The recent worsening of the perceived economy due to escalating price instability and the housing crisis, among other factors, appears to be intensifying concerns about social polarization and strengthening the call for regime change among the 30s generation, who harbor strong dissatisfaction, distrust, and anxiety. Indeed, according to a regular survey by EAI and Korea Research in September 2010, when asked about the 'top priority national governance task that the government should pursue,' the 30s generation ranked agendas directly related to the improvement of the national and personal economy highest, such as 'Alleviating economic polarization' (32.0%), 'Improving quality of life' (17.0%), and 'Economic growth' (17.0%). Responses for 'Political reform' or 'National integration' were 9.5% and 7.5% respectively, and even important national agendas such as 'Strengthening national competitiveness' (5.4%), 'Improving inter-Korean relations' (5.4%), 'Educational reform' (4.1%), and 'Strengthening security' (1.4%) were significantly lower in priority.
[Figure 4] National Governance Agendas Preferred by the 30s Generation and Evaluation of Political Forces (%)

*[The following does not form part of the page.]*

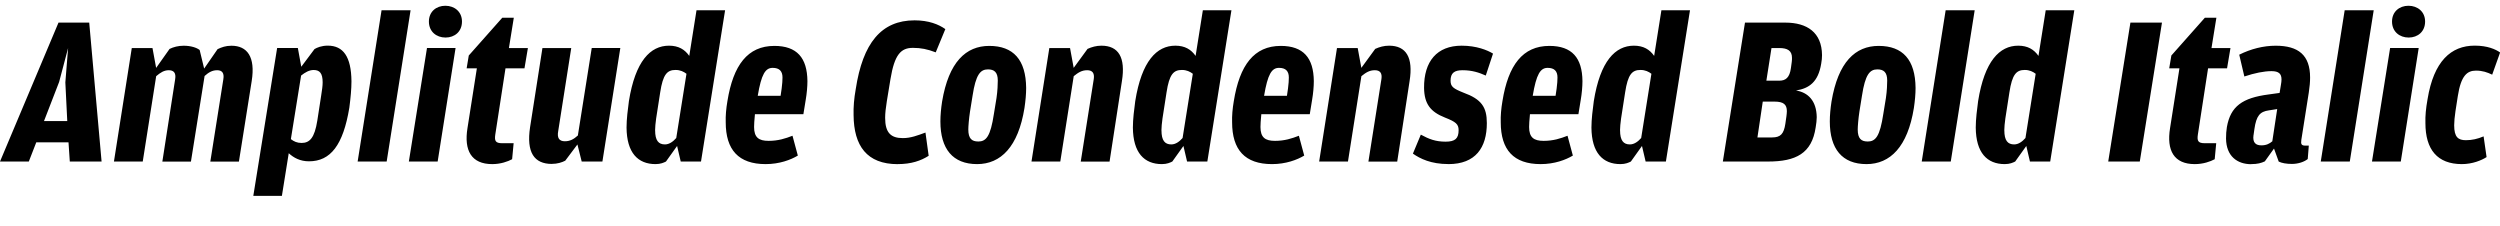 <?xml version="1.0" encoding="UTF-8"?>
<svg width="562.368" height="50.736" viewBox="0 0 562.368 50.736" version="1.1" xmlns="http://www.w3.org/2000/svg" xmlns:xlink="http://www.w3.org/1999/xlink">
 <path d="M0,14.4 l6.48,0 l1.68,4.32 l7.25,0 l0.29,-4.32 l7.15,0 l-2.78,31.25 l-6.91,0 Z M13.3,32.3 l2.02,7.63 l-0.62,-7.73 l0.43,-8.69 l-5.23,0 Z M25.63,14.4 l6.48,0 l3.02,19.2 c0.96,0.82,1.78,1.34,2.83,1.34 c1.1,0,1.68,-0.58,1.44,-2.02 l-2.88,-18.53 l6.43,0 l3.07,19.25 c0.91,0.82,1.73,1.3,2.83,1.3 c1.06,0,1.63,-0.58,1.39,-2.02 l-2.93,-18.53 l6.43,0 l2.88,18.14 c0.86,5.42,-1.01,7.92,-4.56,7.92 c-1.3,0,-2.21,-0.34,-3.12,-0.77 l-3.02,-4.37 l-1.01,4.18 c-0.67,0.53,-1.97,0.96,-3.6,0.96 c-1.2,0,-2.3,-0.29,-3.17,-0.72 l-3.02,-4.27 l-0.82,4.46 l-4.66,0 Z M56.98,6.67 l6.43,0 l1.54,9.6 c1.1,-1.01,2.54,-1.82,4.56,-1.82 c4.85,0,7.68,3.65,9.07,12.05 c0.29,2.21,0.48,4.22,0.48,5.95 c-0.05,5.57,-1.87,8.02,-5.33,8.02 c-1.39,0,-2.4,-0.43,-2.98,-0.77 l-2.98,-3.98 l-0.77,4.22 l-4.66,0 Z M70.56,34.99 c1.34,0,2.02,-0.72,2.02,-2.78 c0,-0.77,-0.14,-1.78,-0.34,-3.02 l-0.86,-5.57 c-0.62,-3.94,-1.73,-5.04,-3.55,-5.04 c-1.01,0,-1.73,0.34,-2.4,0.86 l2.3,14.3 c0.91,0.72,1.82,1.25,2.83,1.25 Z M80.45,14.4 l6.53,0 l5.38,34.03 l-6.53,0 Z M100.22,42.29 c2.06,0,3.7,1.34,3.7,3.6 c0,2.21,-1.68,3.55,-3.74,3.55 c-2.06,0,-3.7,-1.34,-3.7,-3.55 c0,-2.26,1.68,-3.6,3.74,-3.6 Z M91.97,14.4 l6.48,0 l4.03,25.54 l-6.43,0 Z M110.74,13.82 c1.87,0,3.5,0.58,4.46,1.1 l0.34,3.6 l-2.59,0 c-1.54,0,-1.73,0.58,-1.54,1.92 l2.3,14.93 l4.27,0 l0.77,4.56 l-4.27,0 l1.1,6.82 l-2.59,0 l-7.54,-8.5 l-0.48,-2.88 l2.3,0 l-2.11,-13.44 c-0.82,-5.04,0.86,-8.11,5.57,-8.11 Z M124.13,13.87 c1.25,0,2.3,0.34,3.02,0.72 l2.74,3.65 l0.96,-3.84 l4.66,0 l4.03,25.54 l-6.43,0 l-3.12,-19.68 c-0.91,-0.82,-1.73,-1.3,-2.93,-1.3 c-1.3,0,-1.78,0.77,-1.49,2.3 l2.93,18.67 l-6.48,0 l-2.78,-17.81 c-0.86,-5.66,0.91,-8.26,4.9,-8.26 Z M147.46,13.82 c1.15,0,1.87,0.34,2.35,0.58 l2.5,3.5 l0.82,-3.5 l4.56,0 l5.42,34.03 l-6.43,0 l-1.63,-10.27 c-1.01,1.44,-2.4,2.3,-4.56,2.3 c-4.18,0,-7.58,-3.46,-9.02,-12.48 c-0.24,-1.82,-0.53,-4.03,-0.53,-5.95 c0.05,-5.66,2.54,-8.21,6.53,-8.21 Z M147.36,21.41 c0,0.72,0.1,1.63,0.24,2.69 l0.91,5.86 c0.62,4.08,1.58,5.04,3.46,5.04 c1.06,0,1.82,-0.38,2.45,-0.86 l-2.3,-14.45 c-0.72,-0.82,-1.58,-1.44,-2.54,-1.44 c-1.44,0,-2.21,0.86,-2.21,3.17 Z M172.22,13.82 c3.12,0,5.66,0.96,7.25,1.92 l-1.2,4.46 c-1.58,-0.62,-3.22,-1.15,-5.38,-1.15 c-2.21,0,-3.26,0.77,-3.26,3.12 c0,0.38,0.05,1.63,0.19,2.88 l10.9,0 l0.53,3.26 c0.24,1.39,0.38,2.98,0.38,4.18 c-0.05,5.23,-2.35,7.92,-7.44,7.92 c-6,0,-9.26,-4.32,-10.56,-12.43 c-0.29,-1.68,-0.43,-3.31,-0.38,-4.75 c0,-6.19,2.88,-9.41,8.98,-9.41 Z M173.81,35.47 c1.49,0,2.21,-0.72,2.21,-2.16 c0,-0.62,-0.05,-1.44,-0.19,-2.5 l-0.24,-1.63 l-5.14,0 c0.82,4.9,1.73,6.29,3.36,6.29 Z M201.94,13.82 c3.07,0,5.23,0.77,6.96,1.87 l-0.72,5.23 c-1.82,-0.67,-3.31,-1.25,-5.09,-1.25 c-2.69,0,-3.98,1.2,-3.98,4.56 c0,1.01,0.14,2.26,0.38,3.74 l0.82,4.99 c0.91,5.52,2.35,7.01,5.04,7.01 c1.82,0,3.26,-0.29,5.14,-1.01 l2.16,5.23 c-1.49,1.06,-3.74,1.97,-6.91,1.97 c-7.49,0,-11.66,-5.09,-13.25,-15.5 c-0.38,-2.11,-0.53,-4.03,-0.48,-5.81 c0.05,-6.91,2.98,-11.04,9.94,-11.04 Z M219.79,13.82 c5.33,0,9.26,3.89,10.66,12.62 c0.24,1.63,0.38,3.12,0.38,4.51 c-0.05,6.34,-2.88,9.46,-8.3,9.46 c-5.23,0,-9.12,-3.6,-10.61,-12.53 c-0.24,-1.58,-0.38,-3.07,-0.38,-4.46 c0,-6.19,2.78,-9.6,8.26,-9.6 Z M220.03,18.91 c-1.39,0,-2.21,0.62,-2.21,2.69 c0,0.72,0.14,2.45,0.38,4.03 l0.58,3.6 c0.72,4.7,1.73,5.9,3.46,5.9 c1.39,0,2.21,-0.62,2.21,-2.5 c0,-0.77,-0.05,-2.35,-0.29,-3.94 l-0.58,-3.55 c-0.77,-5.09,-1.73,-6.24,-3.55,-6.24 Z M232.03,14.4 l6.48,0 l3.02,19.2 c1.01,0.82,1.82,1.34,3.02,1.34 c1.2,0,1.68,-0.67,1.49,-1.97 l-2.93,-18.58 l6.48,0 l2.78,18.1 c0.86,5.33,-0.77,7.97,-4.61,7.97 c-1.15,0,-2.16,-0.29,-3.12,-0.72 l-3.12,-4.27 l-0.82,4.46 l-4.66,0 Z M261.36,13.82 c1.15,0,1.87,0.34,2.35,0.58 l2.5,3.5 l0.82,-3.5 l4.56,0 l5.42,34.03 l-6.43,0 l-1.63,-10.27 c-1.01,1.44,-2.4,2.3,-4.56,2.3 c-4.18,0,-7.58,-3.46,-9.02,-12.48 c-0.24,-1.82,-0.53,-4.03,-0.53,-5.95 c0.05,-5.66,2.54,-8.21,6.53,-8.21 Z M261.26,21.41 c0,0.72,0.1,1.63,0.24,2.69 l0.91,5.86 c0.62,4.08,1.58,5.04,3.46,5.04 c1.06,0,1.82,-0.38,2.45,-0.86 l-2.3,-14.45 c-0.72,-0.82,-1.58,-1.44,-2.54,-1.44 c-1.44,0,-2.21,0.86,-2.21,3.17 Z M286.13,13.82 c3.12,0,5.66,0.96,7.25,1.92 l-1.2,4.46 c-1.58,-0.62,-3.22,-1.15,-5.38,-1.15 c-2.21,0,-3.26,0.77,-3.26,3.12 c0,0.38,0.05,1.63,0.19,2.88 l10.9,0 l0.53,3.26 c0.24,1.39,0.38,2.98,0.38,4.18 c-0.05,5.23,-2.35,7.92,-7.44,7.92 c-6,0,-9.26,-4.32,-10.56,-12.43 c-0.29,-1.68,-0.43,-3.31,-0.38,-4.75 c0,-6.19,2.88,-9.41,8.98,-9.41 Z M287.71,35.47 c1.49,0,2.21,-0.72,2.21,-2.16 c0,-0.62,-0.05,-1.44,-0.19,-2.5 l-0.24,-1.63 l-5.14,0 c0.82,4.9,1.73,6.29,3.36,6.29 Z M296.74,14.4 l6.48,0 l3.02,19.2 c1.01,0.82,1.82,1.34,3.02,1.34 c1.2,0,1.68,-0.67,1.49,-1.97 l-2.93,-18.58 l6.48,0 l2.78,18.1 c0.86,5.33,-0.77,7.97,-4.61,7.97 c-1.15,0,-2.16,-0.29,-3.12,-0.72 l-3.12,-4.27 l-0.82,4.46 l-4.66,0 Z M325.82,13.82 c6.1,0,8.64,3.7,8.64,9.22 c0,3.6,-1.2,5.38,-5.28,6.86 c-2.26,0.91,-2.88,1.34,-2.88,2.69 c0,1.73,0.86,2.35,2.69,2.35 c2.16,0,3.74,-0.53,5.23,-1.2 l1.63,4.94 c-1.25,0.77,-3.7,1.78,-7.06,1.78 c-5.52,0,-8.5,-3.5,-8.45,-9.5 c0.05,-3.6,1.44,-5.38,4.7,-6.67 c2.45,-0.96,3.07,-1.49,3.07,-2.83 c0,-1.87,-0.77,-2.59,-2.93,-2.59 c-2.26,0,-3.74,0.58,-5.57,1.58 l-1.78,-4.27 c1.63,-1.15,4.08,-2.35,7.97,-2.35 Z M346.56,13.82 c3.12,0,5.66,0.96,7.25,1.92 l-1.2,4.46 c-1.58,-0.62,-3.22,-1.15,-5.38,-1.15 c-2.21,0,-3.26,0.77,-3.26,3.12 c0,0.38,0.05,1.63,0.19,2.88 l10.9,0 l0.53,3.26 c0.24,1.39,0.38,2.98,0.38,4.18 c-0.05,5.23,-2.35,7.92,-7.44,7.92 c-6,0,-9.26,-4.32,-10.56,-12.43 c-0.29,-1.68,-0.43,-3.31,-0.38,-4.75 c0,-6.19,2.88,-9.41,8.98,-9.41 Z M348.14,35.47 c1.49,0,2.21,-0.72,2.21,-2.16 c0,-0.62,-0.05,-1.44,-0.19,-2.5 l-0.24,-1.63 l-5.14,0 c0.82,4.9,1.73,6.29,3.36,6.29 Z M364.51,13.82 c1.15,0,1.87,0.34,2.35,0.58 l2.5,3.5 l0.82,-3.5 l4.56,0 l5.42,34.03 l-6.43,0 l-1.63,-10.27 c-1.01,1.44,-2.4,2.3,-4.56,2.3 c-4.18,0,-7.58,-3.46,-9.02,-12.48 c-0.24,-1.82,-0.53,-4.03,-0.53,-5.95 c0.05,-5.66,2.54,-8.21,6.53,-8.21 Z M364.42,21.41 c0,0.72,0.1,1.63,0.24,2.69 l0.91,5.86 c0.62,4.08,1.58,5.04,3.46,5.04 c1.06,0,1.82,-0.38,2.45,-0.86 l-2.3,-14.45 c-0.72,-0.82,-1.58,-1.44,-2.54,-1.44 c-1.44,0,-2.21,0.86,-2.21,3.17 Z M387.55,14.4 l10.18,0 c6.24,0,9.84,1.82,10.7,7.68 c0.14,0.82,0.24,1.63,0.24,2.3 c-0.05,3.7,-1.97,5.57,-4.66,6 c3.02,0.48,4.99,1.97,5.66,6 c0.14,0.72,0.19,1.39,0.19,1.97 c-0.05,5.09,-3.36,7.3,-8.26,7.3 l-9.07,0 Z M397.34,32.59 l1.15,7.34 l1.73,0 c1.87,0,2.88,-0.58,2.88,-2.21 c0,-0.29,0,-0.58,-0.05,-0.91 l-0.19,-1.39 c-0.29,-2.16,-1.2,-2.83,-2.59,-2.83 Z M395.33,19.82 l1.2,8.06 l2.64,0 c2.06,0,2.78,-0.67,2.78,-2.16 c0,-0.34,-0.05,-0.72,-0.1,-1.15 l-0.24,-1.68 c-0.34,-2.26,-1.06,-3.07,-2.98,-3.07 Z M419.86,13.82 c5.33,0,9.26,3.89,10.66,12.62 c0.24,1.63,0.38,3.12,0.38,4.51 c-0.05,6.34,-2.88,9.46,-8.3,9.46 c-5.23,0,-9.12,-3.6,-10.61,-12.53 c-0.24,-1.58,-0.38,-3.07,-0.38,-4.46 c0,-6.19,2.78,-9.6,8.26,-9.6 Z M420.1,18.91 c-1.39,0,-2.21,0.62,-2.21,2.69 c0,0.72,0.14,2.45,0.38,4.03 l0.58,3.6 c0.72,4.7,1.73,5.9,3.46,5.9 c1.39,0,2.21,-0.62,2.21,-2.5 c0,-0.77,-0.05,-2.35,-0.29,-3.94 l-0.58,-3.55 c-0.77,-5.09,-1.73,-6.24,-3.55,-6.24 Z M432.29,14.4 l6.53,0 l5.38,34.03 l-6.53,0 Z M450.96,13.82 c1.15,0,1.87,0.34,2.35,0.58 l2.5,3.5 l0.82,-3.5 l4.56,0 l5.42,34.03 l-6.43,0 l-1.63,-10.27 c-1.01,1.44,-2.4,2.3,-4.56,2.3 c-4.18,0,-7.58,-3.46,-9.02,-12.48 c-0.24,-1.82,-0.53,-4.03,-0.53,-5.95 c0.05,-5.66,2.54,-8.21,6.53,-8.21 Z M450.86,21.41 c0,0.72,0.1,1.63,0.24,2.69 l0.91,5.86 c0.62,4.08,1.58,5.04,3.46,5.04 c1.06,0,1.82,-0.38,2.45,-0.86 l-2.3,-14.45 c-0.72,-0.82,-1.58,-1.44,-2.54,-1.44 c-1.44,0,-2.21,0.86,-2.21,3.17 Z M474.24,14.4 l7.1,0 l4.99,31.25 l-7.1,0 Z M493.73,13.82 c1.87,0,3.5,0.58,4.46,1.1 l0.34,3.6 l-2.59,0 c-1.54,0,-1.73,0.58,-1.54,1.92 l2.3,14.93 l4.27,0 l0.77,4.56 l-4.27,0 l1.1,6.82 l-2.59,0 l-7.54,-8.5 l-0.48,-2.88 l2.3,0 l-2.11,-13.44 c-0.82,-5.04,0.86,-8.11,5.57,-8.11 Z M506.4,13.82 c1.44,0,2.26,0.24,3.07,0.62 l2.06,2.88 l1.06,-2.93 c0.67,-0.34,1.73,-0.53,2.98,-0.53 c1.44,0,2.78,0.48,3.55,1.1 l0.24,3.02 l-0.77,0 c-0.86,0,-1.06,0.29,-0.91,1.3 l1.68,10.66 c0.19,1.25,0.29,2.35,0.29,3.36 c0,5.04,-2.64,7.15,-7.73,7.15 c-2.78,0,-5.62,-0.72,-8.21,-2.02 l1.15,-4.9 c2.3,0.77,4.42,1.2,6.1,1.2 c1.63,0,2.26,-0.58,2.26,-1.87 c0,-0.34,-0.05,-0.77,-0.14,-1.25 l-0.29,-1.78 l-2.45,-0.34 c-5.95,-0.77,-8.59,-2.69,-9.41,-7.34 c-0.14,-0.82,-0.19,-1.68,-0.19,-2.59 c0.05,-3.98,2.54,-5.76,5.66,-5.76 Z M506.93,20.35 l0.19,1.34 c0.43,3.02,1.25,3.94,3.26,4.22 l1.87,0.29 l-1.1,-7.25 c-0.62,-0.53,-1.34,-0.91,-2.45,-0.91 c-1.25,0,-2.02,0.58,-1.78,2.3 Z M522.05,14.4 l6.53,0 l5.38,34.03 l-6.53,0 Z M541.82,42.29 c2.06,0,3.7,1.34,3.7,3.6 c0,2.21,-1.68,3.55,-3.74,3.55 c-2.06,0,-3.7,-1.34,-3.7,-3.55 c0,-2.26,1.68,-3.6,3.74,-3.6 Z M533.57,14.4 l6.48,0 l4.03,25.54 l-6.43,0 Z M553.78,13.82 c2.4,0,4.46,0.86,5.57,1.58 l-0.67,4.66 c-1.34,-0.58,-2.64,-0.86,-3.98,-0.86 c-1.73,0,-2.64,0.67,-2.64,3.36 c0,0.82,0.1,1.87,0.29,3.17 l0.53,3.41 c0.72,4.61,2.11,5.71,4.08,5.71 c1.49,0,2.54,-0.38,3.65,-0.91 l1.78,4.99 c-1.01,0.72,-2.83,1.54,-5.71,1.54 c-5.33,0,-9.22,-3.5,-10.61,-12.05 c-0.38,-2.11,-0.53,-3.74,-0.48,-5.38 c0,-5.95,2.69,-9.22,8.21,-9.22 Z M553.78,13.82" fill="rgb(0,0,0)" transform="matrix(1,0,0,-1,0.0,50.736)"/>
</svg>

What is noteworthy is that despite strong support for regime change and a high emphasis on opposition-friendly agendas such as polarization and quality of life, this favorable environment for the opposition does not directly translate into support for opposition parties. When asked which party they believed could best address issues like polarization and quality of life, the Democratic Party received the highest response at 34%, but this is still a low figure. Those who responded that there was no party to solve these issues or remained undecided accounted for 29.8%, and surprisingly, 17.0% chose the Grand National Party. Ultimately, the alternative is uncertain. This also explains why, although the approval rating gap between former leader Park Geun-hye and leader Sohn Hak-kyu has narrowed among the 30s, Park remains ahead.
However, beyond the calculations of who the 30s generation's vote will favor, it is a national misfortune in itself that there is such significant political pessimism and cynicism among the 30s generation, who are poised to become the leading force in society. Ahead of the 2012 presidential election, the political sphere should prioritize policy competition to find solutions, rather than a competition for votes to win over the 30s generation, and reflect on their responsibility for reducing politics to an object of distrust. Votes are a result of this process. Currently, the opposition parties, which have partially succeeded in garnering the expectations of the 30s generation following the April 27 by-election, are in a more advantageous position, but a firm belief in the opposition parties has not yet been established. There still appears to be an opportunity for the ruling party to position itself as the political representative of the 30s generation. We look forward to fierce policy competition for the sake of the 30s generation■.
*This text is an AI translation of an original written in Korean. Some translations or nuances may be inaccurate.